I’ve nothing but praise for the whole enterprise, apart from the lack of texts and the unnecessary hyphenation of the name Alamire (alias Petrus Imhoff, the collector of the music in the eponymous manuscript) in the title of one of the CDs. Start, perhaps, with one of the Naxos albums—they’re less expensive—but lovers of the music of this period should go for the lot.

Ardella Crawford
American Record Guide, October 2000

"Flemish Renaissance music seems quite fashionable at the moment. But, unlike most fads, it's actually worth all the attention it's getting. In our last issue I reviewed Piffaro's wonderful new Flemish release and mentioned At the sign of the Crumhorn by way of comparison. Now I am happy to talk about this charming release in more detail.

"The Convivium Musicum is a mixed voice and period instrument ensemble at the Gothenburg College of Music. Instruments include all the wacky Renaissance music-makers that make you grin when you hear them: shawm, dulcian, pommer, trombone, and - of course - the crumhorn. All the music here is taken from the first three of the justly famous music books of Tielman Susato, whose efforts did much to popularize Flemish music in Europe. The first two books consist of 55 settings of Dutch texts; the title page reads, "Amorous songs in our Netherlandish tongue, composed by divers composers, very pleasing to sing and play on all musical instruments, printed in Antwerp by Tielman Susato, residing at the sign of the Crummhorn." The third book is Susato's even more famous collection of dances, so enjoyable even to modern listeners.

"Though Susato composed for these books himself, he also included the work of many other composers. Represented here are Josquin Baston, Lupus Hellinc, Carolus Souliaert, Benedictus Appenzeller, and Jacob Clemens non papa. All the music is secular and mostly about such questionable topics as drinking too much and making love, so it's quite lively.
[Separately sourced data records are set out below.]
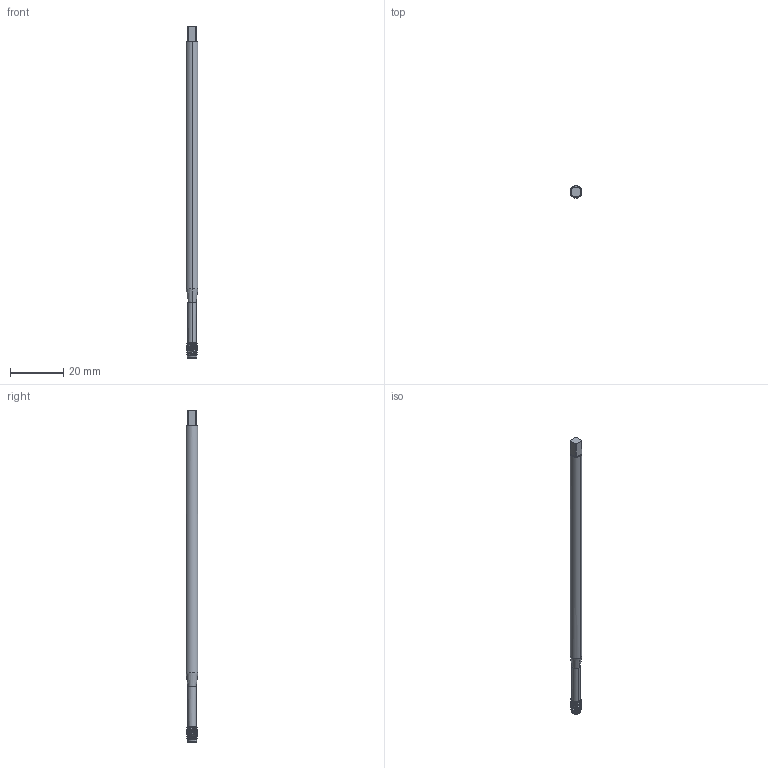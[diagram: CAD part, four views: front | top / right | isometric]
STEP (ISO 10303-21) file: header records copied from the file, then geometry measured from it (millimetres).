
FILE_DESCRIPTION(('no description'),'unknown implementation level');
FILE_NAME('solidHtsENoMQATPb4ufQ9lOgYEnvW54_1.STP',' ',('CIM GmbH Aachen'),('CADClick - KiM GmbH - www.kimweb.de'),'unknown preprocess','ACIS','unknown authorization');
FILE_SCHEMA(('automotive_design'));
Length unit declared in the file: millimetre
Products named in the file (2): 1; 2
Bounding box: 4.5 x 4.5 x 125 mm (x, y, z)
Volume: 1774.1 mm3; surface area: 1836.6 mm2
Topology: 2 solids, 2 shells, 210 faces, 590 edges, 380 vertices
Faces by surface type: cone 104, cylinder 80, plane 17, bspline 6, revolution 3
Entity records: 16473 total; most frequent: CARTESIAN_POINT 4851, STYLED_ITEM 1178, PRESENTATION_STYLE_ASSIGNMENT 1178, COLOUR_RGB 1178, ORIENTED_EDGE 1172, DIRECTION 964, EDGE_CURVE 586, CURVE_STYLE 586
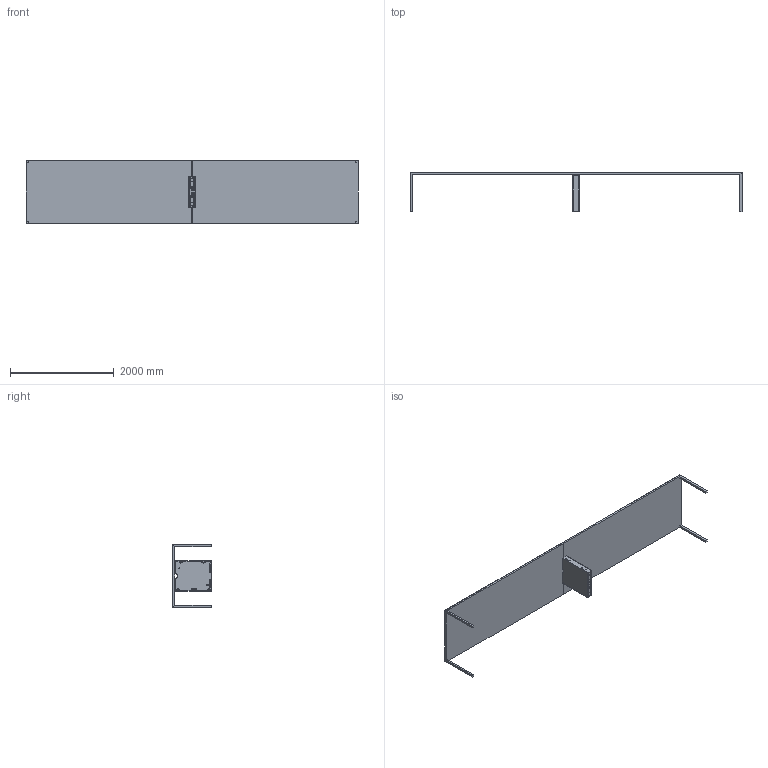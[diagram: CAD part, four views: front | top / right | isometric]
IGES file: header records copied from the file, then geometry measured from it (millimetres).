
Start section: SolidWorks IGES file using analytic representation for surfaces
Global section: file name: Arco-Slim_Plus-connected-640x120x75-Bertjan_Pot-3Dfile.IGS; native system: SolidWorks 2019; preprocessor: SolidWorks 2019; author: jellisg; date: 210621.153046; units: millimetre
Bounding box: 6400 x 750.6 x 1200 mm (x, y, z)
Surface area: 26030506.9 mm2 (no closed solid volume)
Topology: 0 solids, 0 shells, 92 faces, 2016 edges, 2016 vertices
Faces by surface type: bspline 77, revolution 15
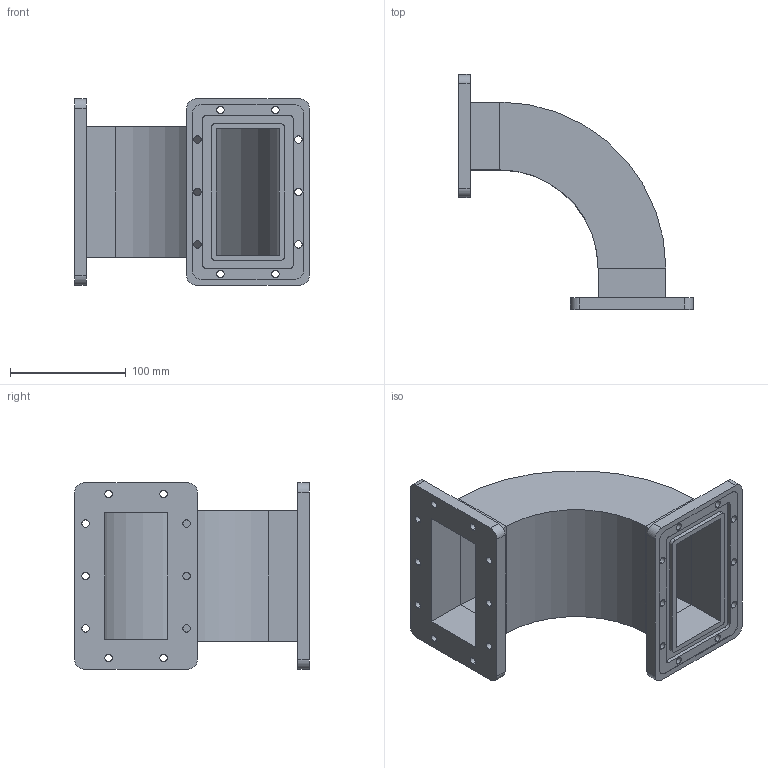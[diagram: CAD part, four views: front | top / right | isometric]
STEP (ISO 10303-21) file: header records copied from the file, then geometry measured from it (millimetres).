
FILE_DESCRIPTION (( 'STEP AP214' ), '1' );
FILE_NAME ('FMW430B001_3D.step', '2024-05-16T23:01:19', ( '' ), ( '' ), 'SwSTEP 2.0', 'SolidWorks 2022', '' );
FILE_SCHEMA (( 'AUTOMOTIVE_DESIGN' ));
Length unit declared in the file: inch
Products named in the file (1): FMW430B001_3D
Bounding box: 203.2 x 203.2 x 161.1 mm (x, y, z)
Volume: 361728.9 mm3; surface area: 220562.4 mm2
Topology: 1 solids, 1 shells, 111 faces, 296 edges, 192 vertices
Faces by surface type: cylinder 64, plane 47
Entity records: 3614 total; most frequent: DIRECTION 648, CARTESIAN_POINT 600, ORIENTED_EDGE 592, EDGE_CURVE 296, AXIS2_PLACEMENT_3D 240, VERTEX_POINT 192, LINE 168, VECTOR 168
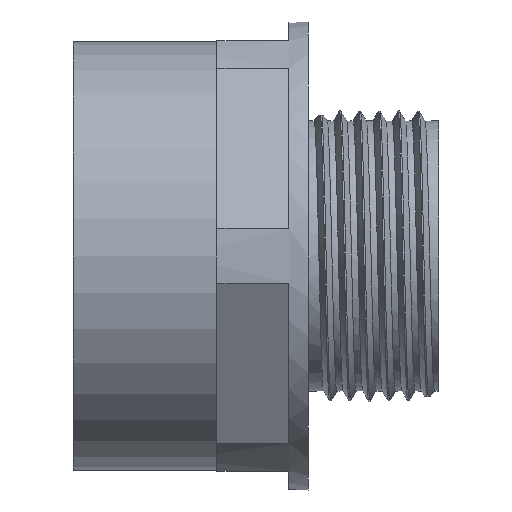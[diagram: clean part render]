
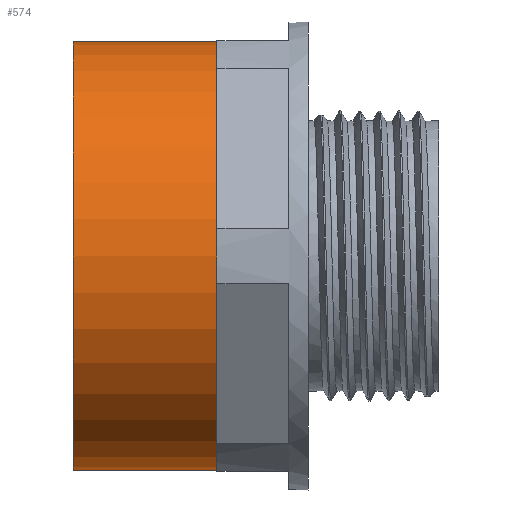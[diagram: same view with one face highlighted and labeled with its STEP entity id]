
A CAD part, front view. The second image highlights one B-rep face of the part: STEP entity #574.
In plain terms, the highlighted cylindrical face has radius 16.43 mm (diameter 32.86 mm), a full revolution.
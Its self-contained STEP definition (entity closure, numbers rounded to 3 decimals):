
#22=FACE_BOUND('',#147,.T.);
#63=CIRCLE('',#624,16.43);
#67=CIRCLE('',#632,16.43);
#105=FACE_OUTER_BOUND('',#146,.T.);
#146=EDGE_LOOP('',(#497));
#147=EDGE_LOOP('',(#498));
#292=VERTEX_POINT('',#3877);
#296=VERTEX_POINT('',#3889);
#370=EDGE_CURVE('',#292,#292,#63,.T.);
#374=EDGE_CURVE('',#296,#296,#67,.T.);
#497=ORIENTED_EDGE('',*,*,#370,.F.);
#498=ORIENTED_EDGE('',*,*,#374,.T.);
#541=CYLINDRICAL_SURFACE('',#633,16.43);
#574=ADVANCED_FACE('',(#105,#22),#541,.T.);
#624=AXIS2_PLACEMENT_3D('',#3878,#750,#751);
#632=AXIS2_PLACEMENT_3D('',#3890,#766,#767);
#633=AXIS2_PLACEMENT_3D('',#3891,#768,#769);
#750=DIRECTION('center_axis',(1.,0.,0.));
#751=DIRECTION('ref_axis',(0.,0.,-1.));
#766=DIRECTION('center_axis',(1.,0.,0.));
#767=DIRECTION('ref_axis',(0.,0.,-1.));
#768=DIRECTION('center_axis',(1.,0.,0.));
#769=DIRECTION('ref_axis',(0.,1.,0.));
#3877=CARTESIAN_POINT('',(-17.,16.43,0.));
#3878=CARTESIAN_POINT('Origin',(-17.,0.,0.));
#3889=CARTESIAN_POINT('',(-28.,16.43,0.));
#3890=CARTESIAN_POINT('Origin',(-28.,0.,0.));
#3891=CARTESIAN_POINT('Origin',(-22.5,0.,0.));
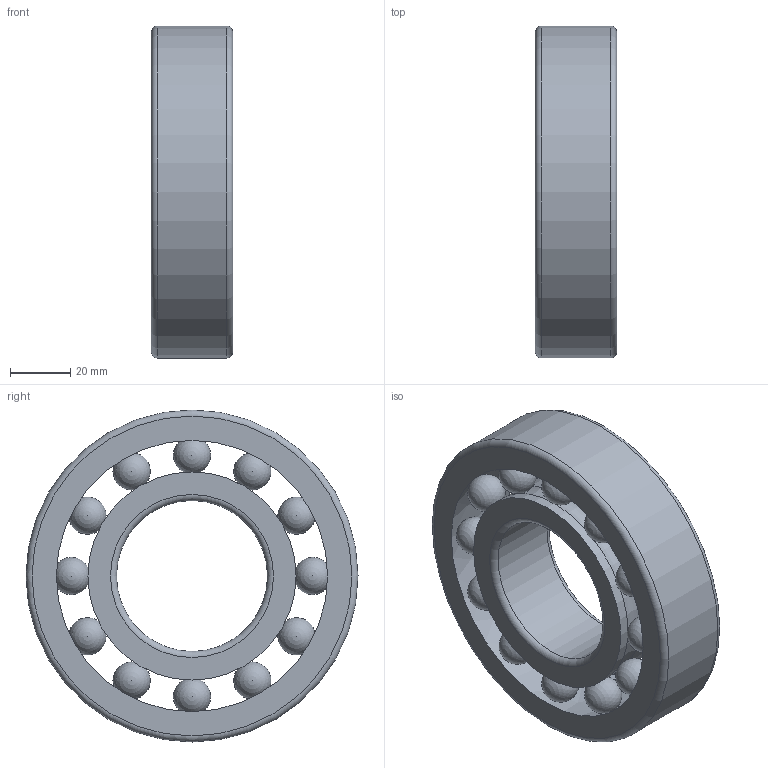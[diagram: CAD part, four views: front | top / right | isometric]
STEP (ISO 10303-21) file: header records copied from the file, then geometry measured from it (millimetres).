
FILE_DESCRIPTION(/* description */ ('STEP AP214'),/* implementation_level */ '2;1');
FILE_NAME(/* name */ '1310S',/* time_stamp */ '2024-10-07T15:37:09+02:00',/* author */ ('License CC BY-ND 4.0'),/* organization */ ('CADENAS'),/* preprocessor_version */ 'ST-DEVELOPER v19.3',/* originating_system */ 'PARTsolutions',/* authorisation */ ' ');
FILE_SCHEMA (('TECHNICAL_DATA_PACKAGING','AUTOMOTIVE_DESIGN {1 0 10303 214 3 1 1}'));
Length unit declared in the file: millimetre
Products named in the file (4): 1310S; 1310S Inner ring; 1310S Outer ring; 1310S Ball
Assembly tree (26 placements, depth 2):
  1310S
    1310S Inner ring
    1310S Outer ring
    1310S Ball  x24
Bounding box: 27 x 110 x 110 mm (x, y, z)
Volume: 144918.5 mm3; surface area: 48072.9 mm2
Topology: 26 solids, 26 shells, 40 faces, 100 edges, 64 vertices
Faces by surface type: sphere 25, torus 6, cylinder 5, plane 4
Full cylindrical faces by diameter (mm): 50 x1, 68.96 x3, 110 x1
Entity records: 631 total; most frequent: DIRECTION 120, CARTESIAN_POINT 77, AXIS2_PLACEMENT_3D 60, FACE_BOUND 33, ORIENTED_EDGE 32, EDGE_LOOP 32, PRODUCT_DEFINITION_SHAPE 30, CONTEXT_DEPENDENT_SHAPE_REPRESENTATION 26
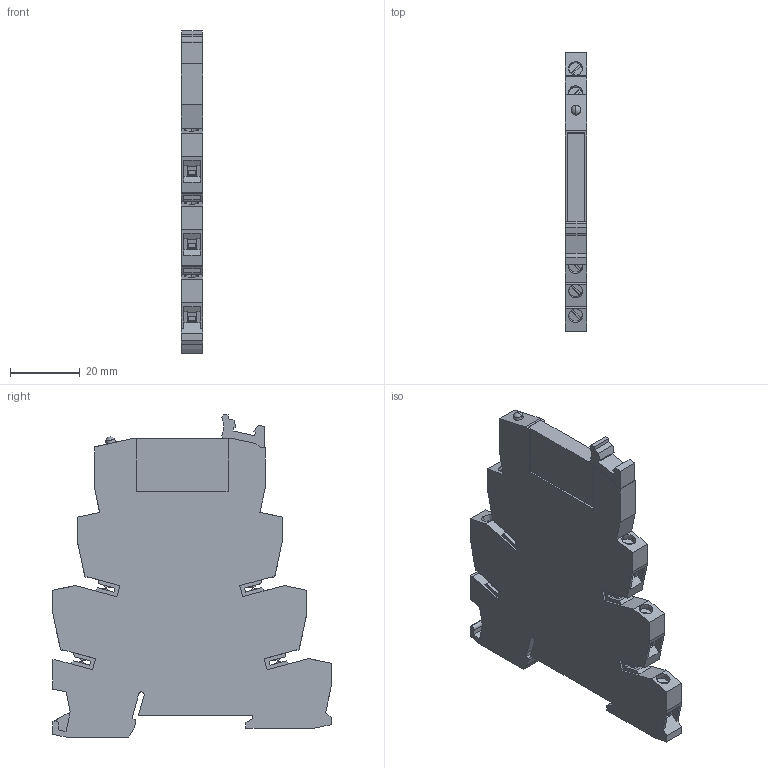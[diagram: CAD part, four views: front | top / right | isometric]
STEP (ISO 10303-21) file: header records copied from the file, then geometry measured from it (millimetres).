
FILE_DESCRIPTION(('Creo Elements/Direct Modeling STEP Export'),'2;1');
FILE_NAME('model.stp','2019-03-27T 0:26:40',(''),(''),'Creo Elements/Direct Modeling STEP processor for AP214 (Solid Model)','Creo Elements/Direct Modeling 20.1A 29-Sep-2018 (C) Parametric Technology GmbH','');
FILE_SCHEMA(('AUTOMOTIVE_DESIGN { 1 0 10303 214 1 1 1 1 }'));
Length unit declared in the file: millimetre
Products named in the file (3): PLC-BSC-6-ACT-SOC05-select; REL-MR-28x15x5-select; PLC-RSC-6-REL_WH-Group-select
Assembly tree (2 placements, depth 2):
  PLC-RSC-6-REL_WH-Group-select
    REL-MR-28x15x5-select
    PLC-BSC-6-ACT-SOC05-select
Bounding box: 6.1 x 80 x 92.6 mm (x, y, z)
Volume: 30105 mm3; surface area: 14682.8 mm2
Topology: 2 solids, 2 shells, 367 faces, 980 edges, 648 vertices
Faces by surface type: plane 348, extrusion 12, cylinder 5, sphere 2
Entity records: 14867 total; most frequent: CARTESIAN_POINT 2925, ORIENTED_EDGE 1956, DIRECTION 1622, EDGE_CURVE 978, VECTOR 926, LINE 913, VERTEX_POINT 648, EDGE_LOOP 400

The singing is both energetic and highly expressive, as is the playing. This is a great addition to the Naxos catalog and to Renaissance music in general.

"Oh Flanders Free has even more of a vocal emphasis than Crummhorn; well over half the number are for voice. Capilla Flamenca has all-male singers with instruments. This program represents all kinds of Renaissance music: Gregorian chant, parts of the Mass, motets, madrigals, chansons, and dance music. Most of the names are familiar, including Johannes Ockeghem, Josquin des Prez, Henry VIII, Tielman Susato (one piece only), and Pierre de La Rue. The tone is set at the beginning with an excerpt from the Requiem Mass, so the entire program is generally rather grave and introspective. It balances out the more extroverted and boisterous dance music onCrummhorn. And I enjoyed Capilla Flamenca as much as I did Gothenburg's Convivium Musicum.

"Both discs have excellent sound and very attractive booklets, with plenty of information, texts, and translations.

Philip Anson
La Scena Musicale, August 2000

"The Flemish vocal and instrumental consort Capilla Flamenca is a wonderful discovery, singing a mix of 15th century Latin, Flemish and French a cappella and accompanied sacred and profane music, by Verdelot, Ockeghem, des Prez, Fabri, and of course, Anon. The tenor, countertenor, and bass voices blend beautifully with the spare accompaniment of descant, treble and tenor recorders and viola da gamba. The resonant, churchy recorded sound adds atmospheric lustre. Notes in English, French, and Spanish."